__The task__.
Go through the records and give each one again exactly.

.....

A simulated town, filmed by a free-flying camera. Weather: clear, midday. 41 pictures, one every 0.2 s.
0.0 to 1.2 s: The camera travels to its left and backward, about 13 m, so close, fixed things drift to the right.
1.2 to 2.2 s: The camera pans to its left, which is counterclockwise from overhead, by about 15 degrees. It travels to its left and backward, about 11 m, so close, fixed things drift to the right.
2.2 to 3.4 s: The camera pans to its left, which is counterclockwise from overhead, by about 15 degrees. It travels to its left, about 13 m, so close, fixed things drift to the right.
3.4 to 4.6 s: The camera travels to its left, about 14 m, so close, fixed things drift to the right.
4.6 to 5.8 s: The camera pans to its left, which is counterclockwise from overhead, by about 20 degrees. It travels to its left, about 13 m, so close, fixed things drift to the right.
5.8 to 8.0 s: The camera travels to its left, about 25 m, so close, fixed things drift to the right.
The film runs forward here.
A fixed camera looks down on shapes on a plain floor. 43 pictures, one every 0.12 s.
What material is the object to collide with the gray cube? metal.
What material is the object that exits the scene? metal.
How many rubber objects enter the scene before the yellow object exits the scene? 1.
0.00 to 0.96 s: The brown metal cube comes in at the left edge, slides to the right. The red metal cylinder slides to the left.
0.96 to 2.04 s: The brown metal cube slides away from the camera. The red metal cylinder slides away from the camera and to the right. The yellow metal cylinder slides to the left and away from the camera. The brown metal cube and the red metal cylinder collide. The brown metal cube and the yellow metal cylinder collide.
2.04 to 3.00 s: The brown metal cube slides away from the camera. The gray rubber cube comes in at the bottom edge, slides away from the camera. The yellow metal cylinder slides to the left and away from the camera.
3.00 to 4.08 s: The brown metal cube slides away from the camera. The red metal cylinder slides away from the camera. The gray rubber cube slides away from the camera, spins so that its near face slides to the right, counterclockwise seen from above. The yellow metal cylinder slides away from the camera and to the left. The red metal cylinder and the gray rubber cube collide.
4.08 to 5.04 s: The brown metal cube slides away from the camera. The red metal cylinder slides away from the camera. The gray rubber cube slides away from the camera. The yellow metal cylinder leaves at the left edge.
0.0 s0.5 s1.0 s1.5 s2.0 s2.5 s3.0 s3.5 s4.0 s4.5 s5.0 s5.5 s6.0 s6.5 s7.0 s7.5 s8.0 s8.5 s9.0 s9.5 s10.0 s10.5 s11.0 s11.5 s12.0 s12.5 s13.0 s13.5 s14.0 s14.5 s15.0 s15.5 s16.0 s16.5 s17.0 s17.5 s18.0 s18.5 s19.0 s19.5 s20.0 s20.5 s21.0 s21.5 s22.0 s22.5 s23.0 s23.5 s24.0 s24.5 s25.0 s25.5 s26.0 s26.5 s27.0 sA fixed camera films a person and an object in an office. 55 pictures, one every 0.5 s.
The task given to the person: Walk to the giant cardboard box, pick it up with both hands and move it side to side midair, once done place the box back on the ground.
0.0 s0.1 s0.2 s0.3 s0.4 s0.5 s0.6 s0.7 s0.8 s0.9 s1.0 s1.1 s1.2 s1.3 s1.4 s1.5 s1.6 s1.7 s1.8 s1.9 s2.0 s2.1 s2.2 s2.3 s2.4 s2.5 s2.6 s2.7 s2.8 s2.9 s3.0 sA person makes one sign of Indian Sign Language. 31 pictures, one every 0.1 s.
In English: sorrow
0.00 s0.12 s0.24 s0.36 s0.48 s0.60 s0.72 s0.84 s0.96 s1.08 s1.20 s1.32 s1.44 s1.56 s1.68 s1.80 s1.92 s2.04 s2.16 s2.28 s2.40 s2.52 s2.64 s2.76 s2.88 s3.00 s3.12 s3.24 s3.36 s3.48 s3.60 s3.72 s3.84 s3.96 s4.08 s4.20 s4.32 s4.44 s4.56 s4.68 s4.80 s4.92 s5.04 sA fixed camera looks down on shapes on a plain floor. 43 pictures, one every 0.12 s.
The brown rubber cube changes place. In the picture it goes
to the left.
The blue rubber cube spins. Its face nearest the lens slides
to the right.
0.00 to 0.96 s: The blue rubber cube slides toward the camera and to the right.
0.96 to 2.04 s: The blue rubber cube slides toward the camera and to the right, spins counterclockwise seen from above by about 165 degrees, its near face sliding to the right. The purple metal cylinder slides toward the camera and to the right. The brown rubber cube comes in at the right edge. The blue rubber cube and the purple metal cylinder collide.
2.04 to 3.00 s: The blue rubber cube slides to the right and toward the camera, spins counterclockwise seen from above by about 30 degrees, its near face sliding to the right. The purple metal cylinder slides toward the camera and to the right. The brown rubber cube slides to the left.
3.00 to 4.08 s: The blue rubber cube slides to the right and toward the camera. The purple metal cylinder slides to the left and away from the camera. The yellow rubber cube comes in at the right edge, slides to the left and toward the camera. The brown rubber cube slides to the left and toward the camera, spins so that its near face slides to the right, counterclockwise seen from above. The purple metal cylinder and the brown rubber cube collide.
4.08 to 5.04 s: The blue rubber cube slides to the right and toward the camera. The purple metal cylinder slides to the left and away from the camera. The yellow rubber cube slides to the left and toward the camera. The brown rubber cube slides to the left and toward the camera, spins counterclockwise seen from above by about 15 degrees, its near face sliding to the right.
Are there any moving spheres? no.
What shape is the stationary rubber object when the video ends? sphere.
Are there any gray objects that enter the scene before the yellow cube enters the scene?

.....

__Finished task__.
A simulated town, filmed by a free-flying camera. Weather: clear, midday. 41 pictures, one every 0.2 s.
0.0 to 1.2 s: The camera travels to its left and backward, about 13 m, so close, fixed things drift to the right.
1.2 to 2.2 s: The camera pans to its left, which is counterclockwise from overhead, by about 15 degrees. It travels to its left and backward, about 11 m, so close, fixed things drift to the right.
2.2 to 3.4 s: The camera pans to its left, which is counterclockwise from overhead, by about 15 degrees. It travels to its left, about 13 m, so close, fixed things drift to the right.
3.4 to 4.6 s: The camera travels to its left, about 14 m, so close, fixed things drift to the right.
4.6 to 5.8 s: The camera pans to its left, which is counterclockwise from overhead, by about 20 degrees. It travels to its left, about 13 m, so close, fixed things drift to the right.
5.8 to 8.0 s: The camera travels to its left, about 25 m, so close, fixed things drift to the right.
The film runs forward here.
A fixed camera looks down on shapes on a plain floor. 43 pictures, one every 0.12 s.
What material is the object to collide with the gray cube? metal.
What material is the object that exits the scene? metal.
How many rubber objects enter the scene before the yellow object exits the scene? 1.
0.00 to 0.96 s: The brown metal cube comes in at the left edge, slides to the right. The red metal cylinder slides to the left.
0.96 to 2.04 s: The brown metal cube slides away from the camera. The red metal cylinder slides away from the camera and to the right. The yellow metal cylinder slides to the left and away from the camera. The brown metal cube and the red metal cylinder collide. The brown metal cube and the yellow metal cylinder collide.
2.04 to 3.00 s: The brown metal cube slides away from the camera. The gray rubber cube comes in at the bottom edge, slides away from the camera. The yellow metal cylinder slides to the left and away from the camera.
3.00 to 4.08 s: The brown metal cube slides away from the camera. The red metal cylinder slides away from the camera. The gray rubber cube slides away from the camera, spins so that its near face slides to the right, counterclockwise seen from above. The yellow metal cylinder slides away from the camera and to the left. The red metal cylinder and the gray rubber cube collide.
4.08 to 5.04 s: The brown metal cube slides away from the camera. The red metal cylinder slides away from the camera. The gray rubber cube slides away from the camera. The yellow metal cylinder leaves at the left edge.
0.0 s0.5 s1.0 s1.5 s2.0 s2.5 s3.0 s3.5 s4.0 s4.5 s5.0 s5.5 s6.0 s6.5 s7.0 s7.5 s8.0 s8.5 s9.0 s9.5 s10.0 s10.5 s11.0 s11.5 s12.0 s12.5 s13.0 s13.5 s14.0 s14.5 s15.0 s15.5 s16.0 s16.5 s17.0 s17.5 s18.0 s18.5 s19.0 s19.5 s20.0 s20.5 s21.0 s21.5 s22.0 s22.5 s23.0 s23.5 s24.0 s24.5 s25.0 s25.5 s26.0 s26.5 s27.0 sA fixed camera films a person and an object in an office. 55 pictures, one every 0.5 s.
The task given to the person: Walk to the giant cardboard box, pick it up with both hands and move it side to side midair, once done place the box back on the ground.
0.0 s0.1 s0.2 s0.3 s0.4 s0.5 s0.6 s0.7 s0.8 s0.9 s1.0 s1.1 s1.2 s1.3 s1.4 s1.5 s1.6 s1.7 s1.8 s1.9 s2.0 s2.1 s2.2 s2.3 s2.4 s2.5 s2.6 s2.7 s2.8 s2.9 s3.0 sA person makes one sign of Indian Sign Language. 31 pictures, one every 0.1 s.
In English: sorrow
0.00 s0.12 s0.24 s0.36 s0.48 s0.60 s0.72 s0.84 s0.96 s1.08 s1.20 s1.32 s1.44 s1.56 s1.68 s1.80 s1.92 s2.04 s2.16 s2.28 s2.40 s2.52 s2.64 s2.76 s2.88 s3.00 s3.12 s3.24 s3.36 s3.48 s3.60 s3.72 s3.84 s3.96 s4.08 s4.20 s4.32 s4.44 s4.56 s4.68 s4.80 s4.92 s5.04 sA fixed camera looks down on shapes on a plain floor. 43 pictures, one every 0.12 s.
The brown rubber cube changes place. In the picture it goes
to the left.
The blue rubber cube spins. Its face nearest the lens slides
to the right.
0.00 to 0.96 s: The blue rubber cube slides toward the camera and to the right.
0.96 to 2.04 s: The blue rubber cube slides toward the camera and to the right, spins counterclockwise seen from above by about 165 degrees, its near face sliding to the right. The purple metal cylinder slides toward the camera and to the right. The brown rubber cube comes in at the right edge. The blue rubber cube and the purple metal cylinder collide.
2.04 to 3.00 s: The blue rubber cube slides to the right and toward the camera, spins counterclockwise seen from above by about 30 degrees, its near face sliding to the right. The purple metal cylinder slides toward the camera and to the right. The brown rubber cube slides to the left.
3.00 to 4.08 s: The blue rubber cube slides to the right and toward the camera. The purple metal cylinder slides to the left and away from the camera. The yellow rubber cube comes in at the right edge, slides to the left and toward the camera. The brown rubber cube slides to the left and toward the camera, spins so that its near face slides to the right, counterclockwise seen from above. The purple metal cylinder and the brown rubber cube collide.
4.08 to 5.04 s: The blue rubber cube slides to the right and toward the camera. The purple metal cylinder slides to the left and away from the camera. The yellow rubber cube slides to the left and toward the camera. The brown rubber cube slides to the left and toward the camera, spins counterclockwise seen from above by about 15 degrees, its near face sliding to the right.
Are there any moving spheres? no.
What shape is the stationary rubber object when the video ends? sphere.
Are there any gray objects that enter the scene before the yellow cube enters the scene?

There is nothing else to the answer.